_ACTION ITEM_
Lines that include the string "where" are the ones to copy from the entries below.

_DATA PROVIDED_
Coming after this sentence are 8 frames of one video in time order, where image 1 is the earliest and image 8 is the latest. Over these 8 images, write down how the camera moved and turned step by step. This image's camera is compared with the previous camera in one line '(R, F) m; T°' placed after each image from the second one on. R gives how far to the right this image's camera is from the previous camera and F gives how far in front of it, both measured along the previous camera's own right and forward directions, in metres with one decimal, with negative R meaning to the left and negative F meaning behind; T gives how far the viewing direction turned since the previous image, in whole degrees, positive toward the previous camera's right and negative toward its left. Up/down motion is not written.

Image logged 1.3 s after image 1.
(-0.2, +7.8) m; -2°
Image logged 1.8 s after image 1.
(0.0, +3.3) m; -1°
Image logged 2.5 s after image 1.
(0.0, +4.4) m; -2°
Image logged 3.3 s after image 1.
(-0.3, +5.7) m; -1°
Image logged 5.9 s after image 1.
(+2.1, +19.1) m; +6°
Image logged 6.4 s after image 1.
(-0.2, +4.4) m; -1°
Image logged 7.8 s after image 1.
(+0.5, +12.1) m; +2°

...

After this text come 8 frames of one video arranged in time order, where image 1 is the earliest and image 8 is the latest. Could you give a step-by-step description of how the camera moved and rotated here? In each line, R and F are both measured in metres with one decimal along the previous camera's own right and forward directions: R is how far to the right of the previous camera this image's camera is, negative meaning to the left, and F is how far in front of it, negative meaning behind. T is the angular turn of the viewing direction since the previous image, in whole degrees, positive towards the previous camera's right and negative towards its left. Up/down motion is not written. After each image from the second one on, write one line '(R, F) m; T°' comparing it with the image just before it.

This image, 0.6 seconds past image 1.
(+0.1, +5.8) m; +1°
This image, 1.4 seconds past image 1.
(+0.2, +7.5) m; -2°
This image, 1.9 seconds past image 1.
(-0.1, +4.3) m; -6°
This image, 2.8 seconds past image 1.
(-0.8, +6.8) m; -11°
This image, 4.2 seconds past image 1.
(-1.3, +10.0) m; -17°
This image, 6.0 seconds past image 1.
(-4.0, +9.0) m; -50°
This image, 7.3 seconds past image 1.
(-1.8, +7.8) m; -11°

_RESULT FOR THIS TASK_
Coming after this sentence are 8 frames of one video in time order, where image 1 is the earliest and image 8 is the latest. Over these 8 images, write down how the camera moved and turned step by step. This image's camera is compared with the previous camera in one line '(R, F) m; T°' placed after each image from the second one on. R gives how far to the right this image's camera is from the previous camera and F gives how far in front of it, both measured along the previous camera's own right and forward directions, in metres with one decimal, with negative R meaning to the left and negative F meaning behind; T gives how far the viewing direction turned since the previous image, in whole degrees, positive toward the previous camera's right and negative toward its left. Up/down motion is not written.
After this text come 8 frames of one video arranged in time order, where image 1 is the earliest and image 8 is the latest. Could you give a step-by-step description of how the camera moved and rotated here? In each line, R and F are both measured in metres with one decimal along the previous camera's own right and forward directions: R is how far to the right of the previous camera this image's camera is, negative meaning to the left, and F is how far in front of it, negative meaning behind. T is the angular turn of the viewing direction since the previous image, in whole degrees, positive towards the previous camera's right and negative towards its left. Up/down motion is not written. After each image from the second one on, write one line '(R, F) m; T°' comparing it with the image just before it.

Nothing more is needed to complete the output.